Information:
=== Section Start ===
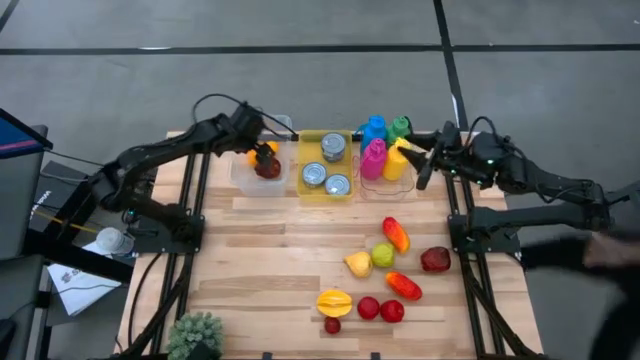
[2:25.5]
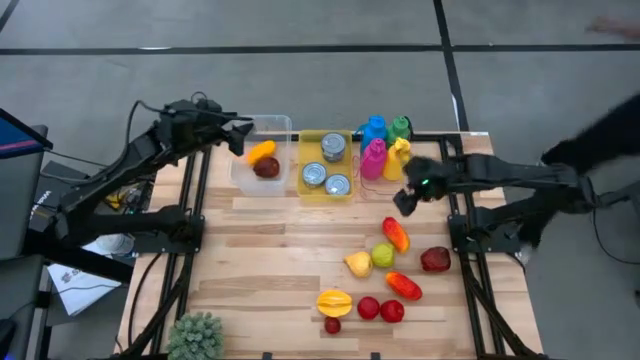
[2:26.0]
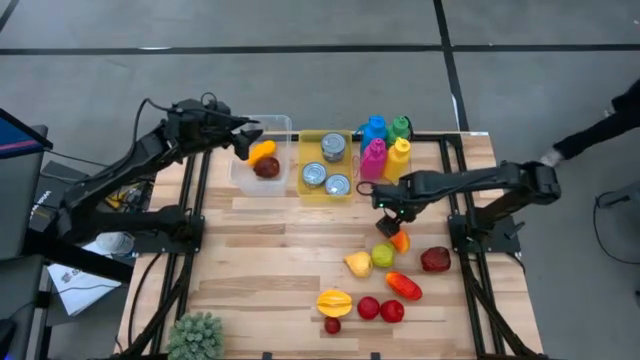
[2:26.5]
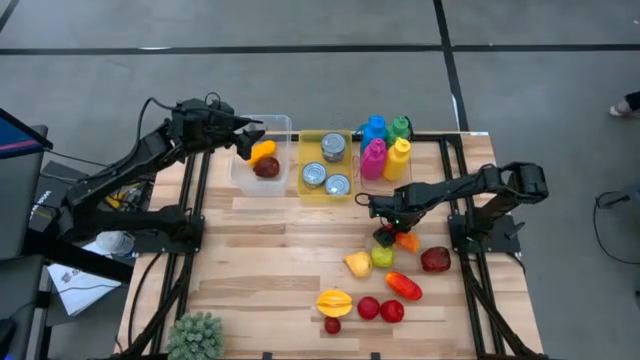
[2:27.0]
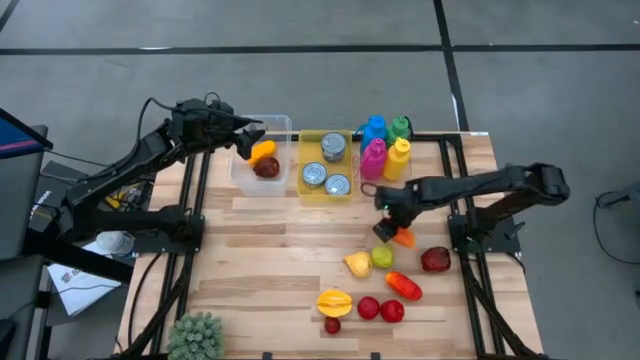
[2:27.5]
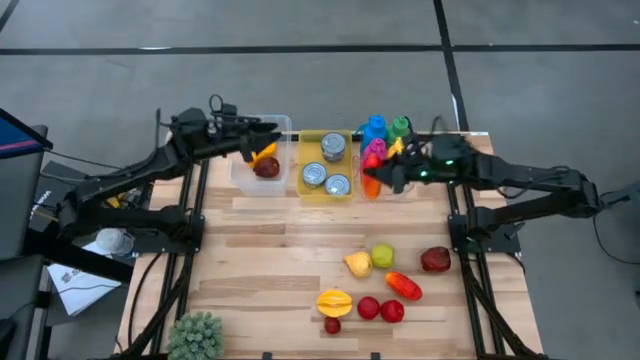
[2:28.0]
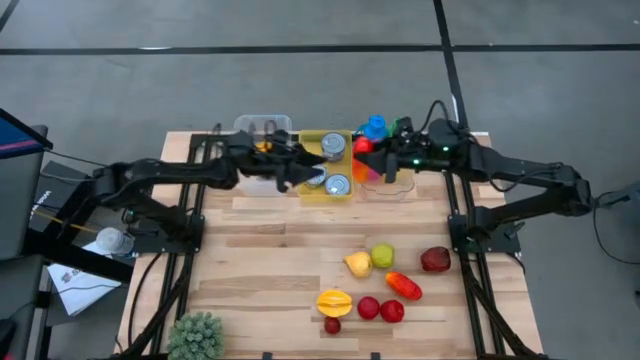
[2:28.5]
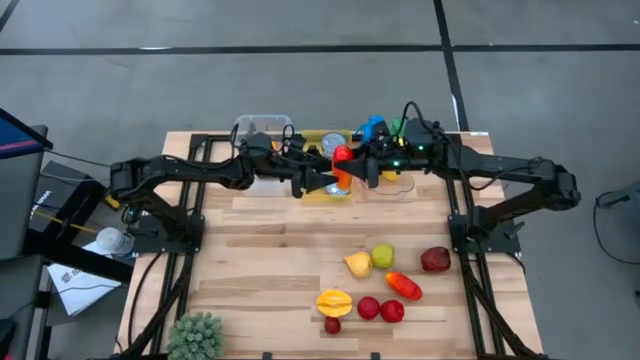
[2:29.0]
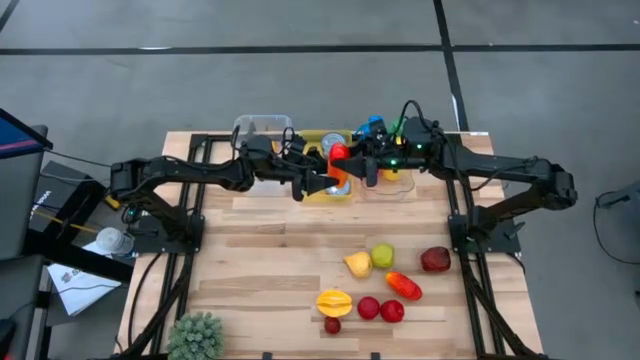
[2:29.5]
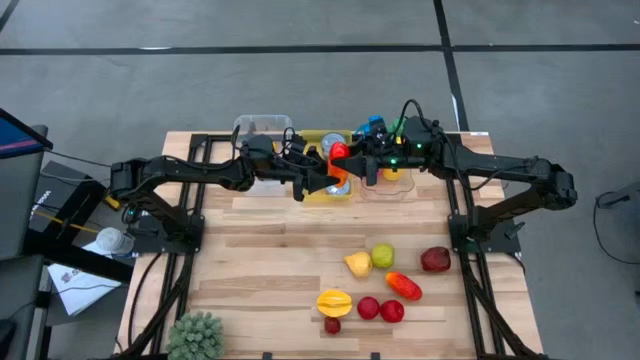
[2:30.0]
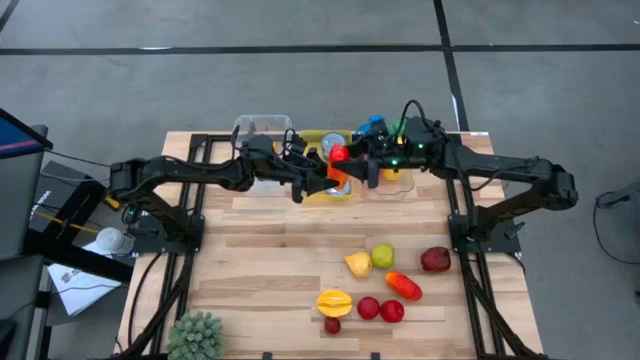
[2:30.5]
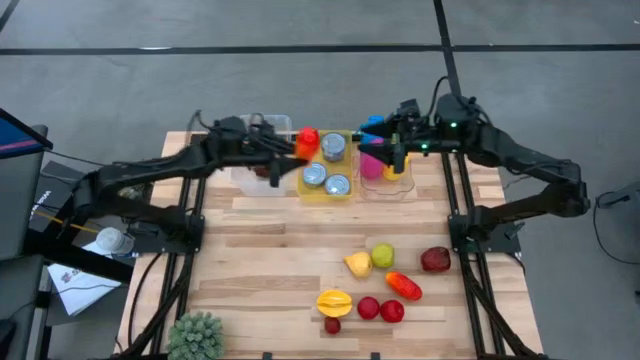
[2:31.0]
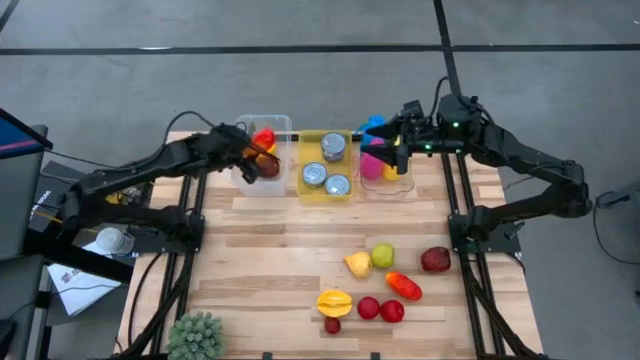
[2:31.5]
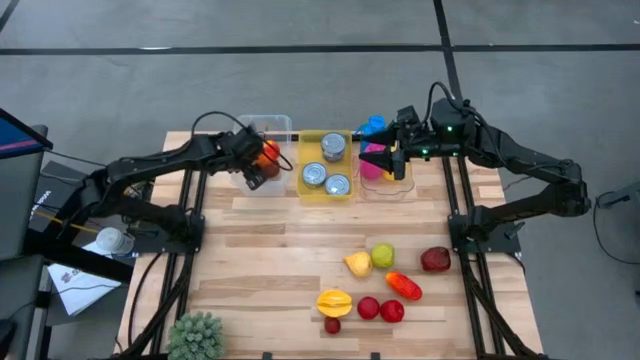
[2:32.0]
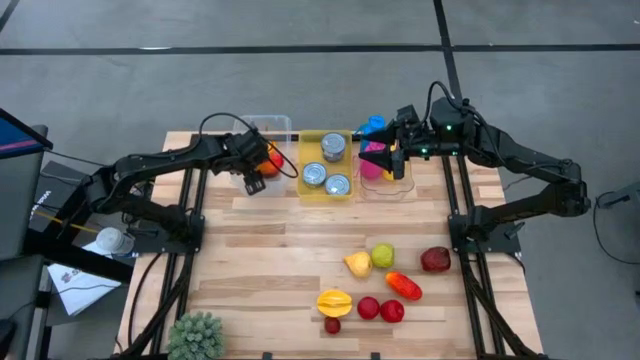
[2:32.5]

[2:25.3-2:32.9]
Task: Pick & Place Food Item
Put the top red mango into the transparent container

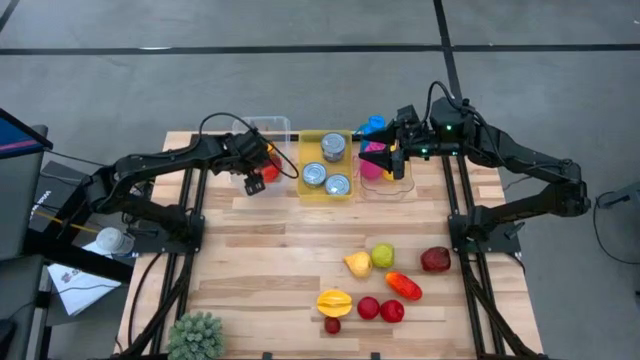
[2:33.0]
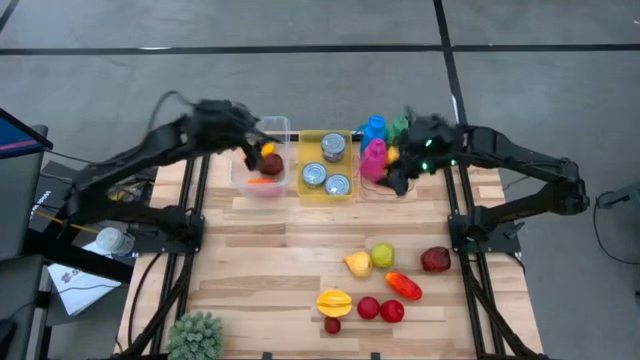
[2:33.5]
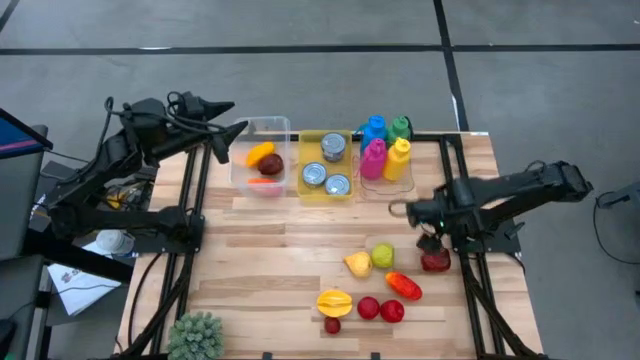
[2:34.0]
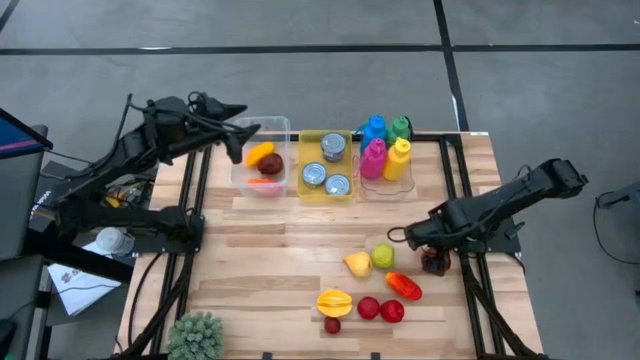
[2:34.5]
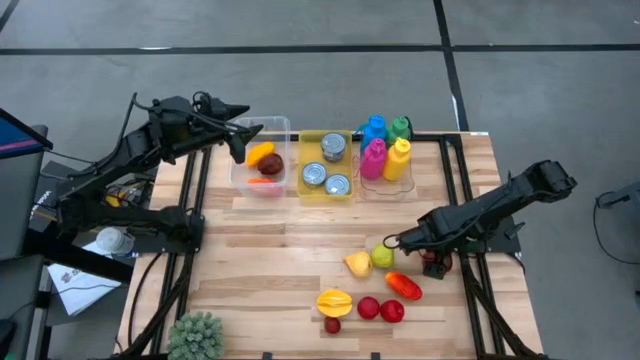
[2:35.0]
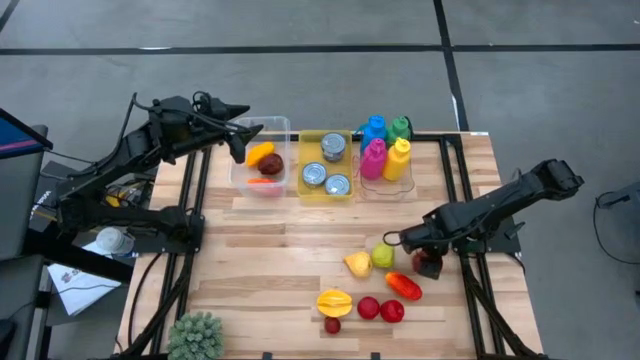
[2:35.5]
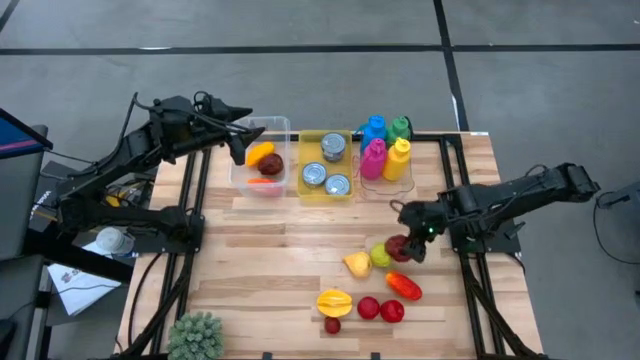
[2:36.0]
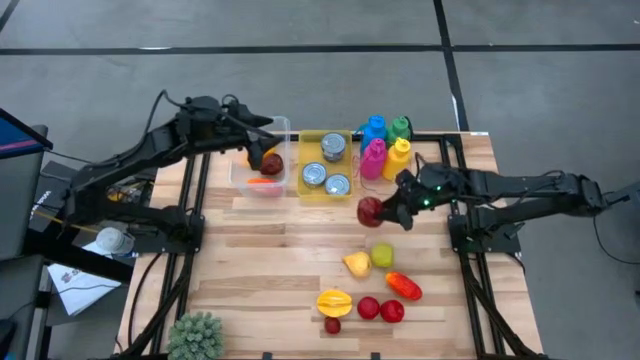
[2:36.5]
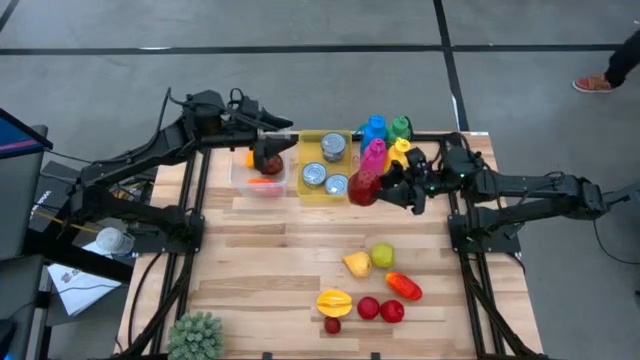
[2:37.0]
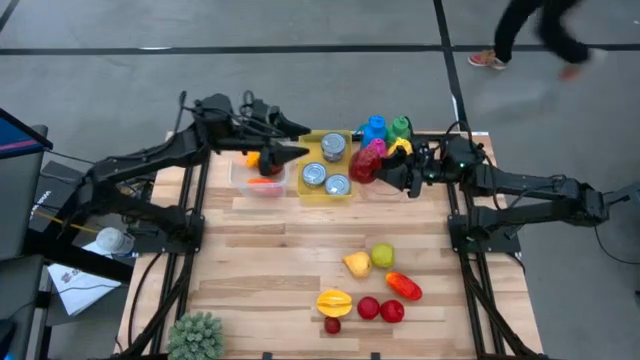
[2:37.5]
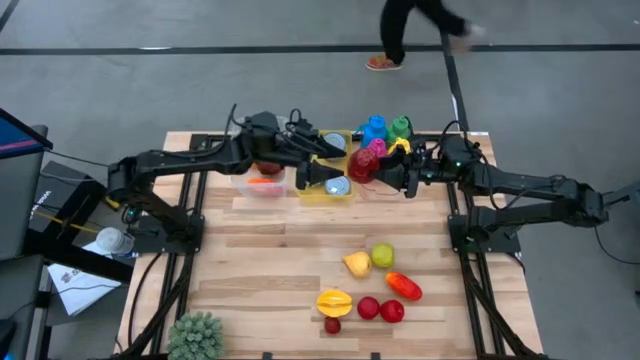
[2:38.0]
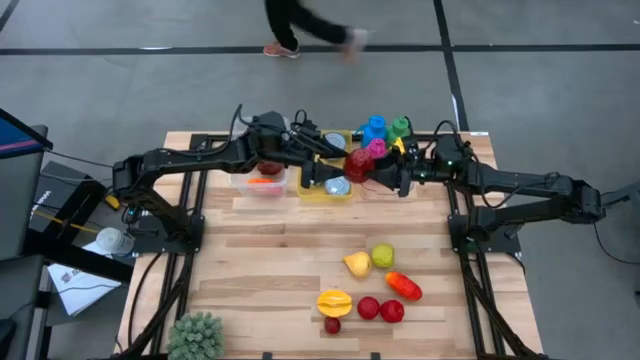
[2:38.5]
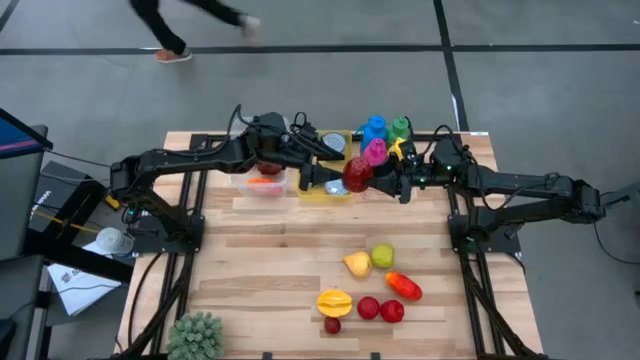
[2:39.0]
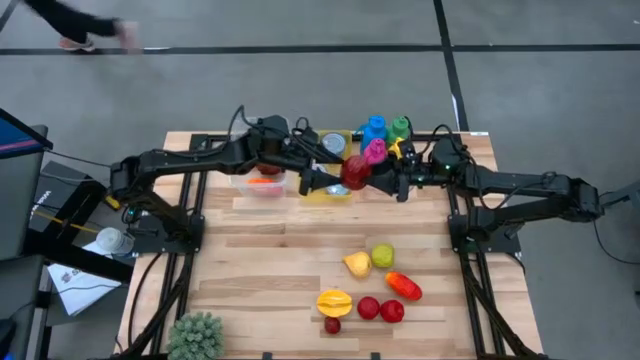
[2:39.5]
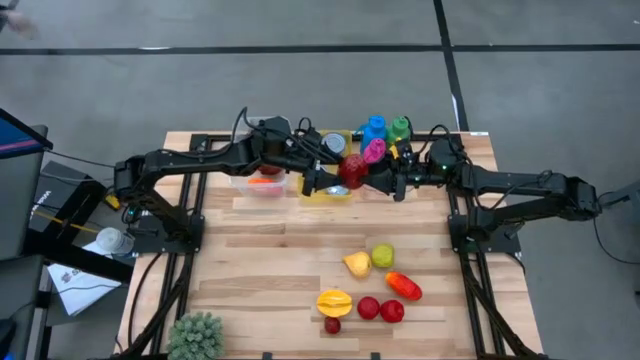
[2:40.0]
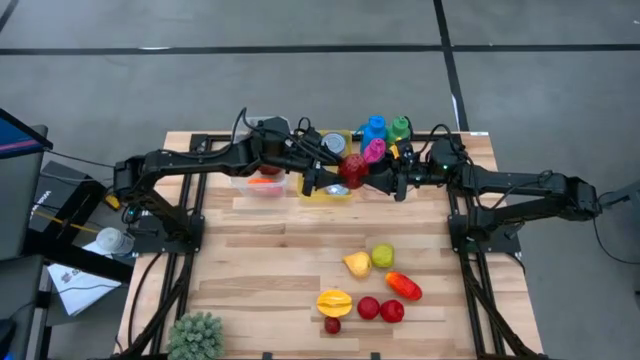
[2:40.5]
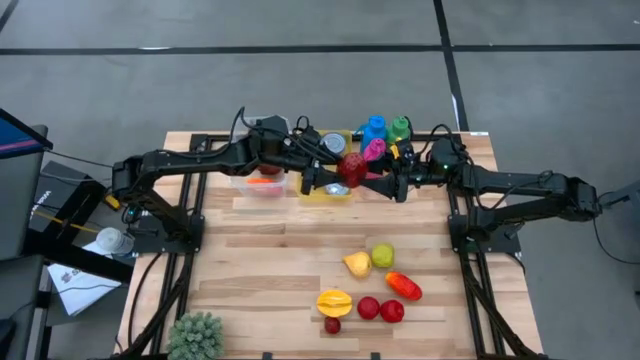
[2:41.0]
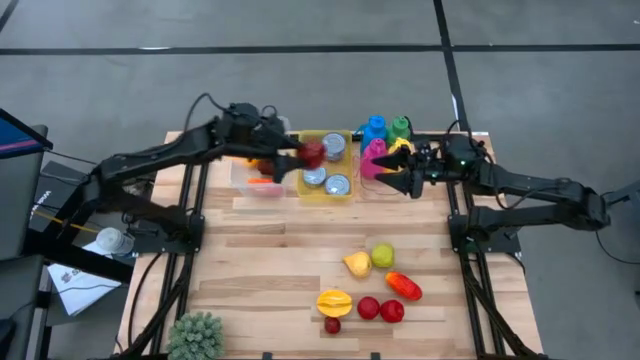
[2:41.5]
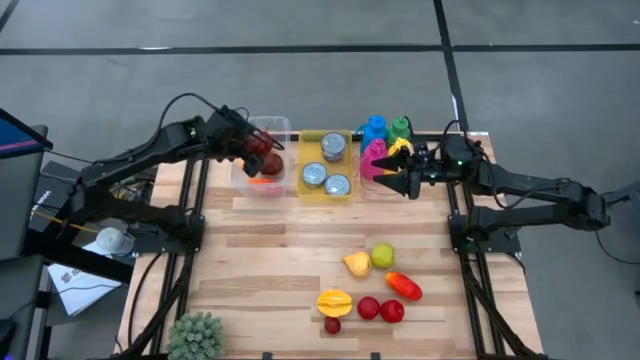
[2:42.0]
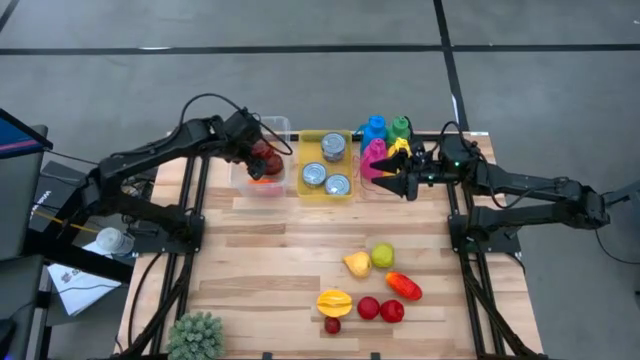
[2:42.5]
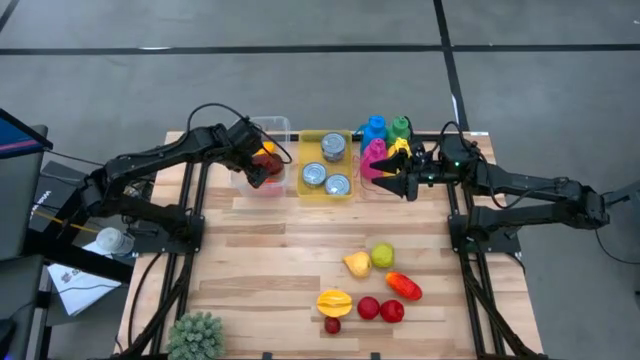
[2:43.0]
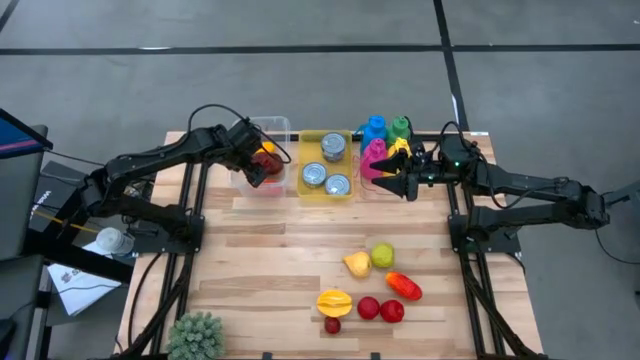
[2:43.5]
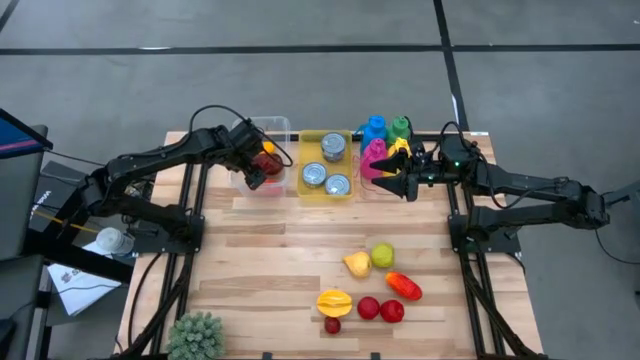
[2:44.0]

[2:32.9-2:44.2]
Put the red apple into the transparent container
=== Section End ===
Requirement:
Only the pictures stay behind; copy everything else in the records above exactly.

Response box:
[2:25.5]
[2:26.0]
[2:26.5]
[2:27.0]
[2:27.5]
[2:28.0]
[2:28.5]
[2:29.0]
[2:29.5]
[2:30.0]
[2:30.5]
[2:31.0]
[2:31.5]
[2:32.0]
[2:32.5]

[2:25.3-2:32.9]
Task: Pick & Place Food Item
Put the top red mango into the transparent container

[2:33.0]
[2:33.5]
[2:34.0]
[2:34.5]
[2:35.0]
[2:35.5]
[2:36.0]
[2:36.5]
[2:37.0]
[2:37.5]
[2:38.0]
[2:38.5]
[2:39.0]
[2:39.5]
[2:40.0]
[2:40.5]
[2:41.0]
[2:41.5]
[2:42.0]
[2:42.5]
[2:43.0]
[2:43.5]
[2:44.0]

[2:32.9-2:44.2]
Put the red apple into the transparent container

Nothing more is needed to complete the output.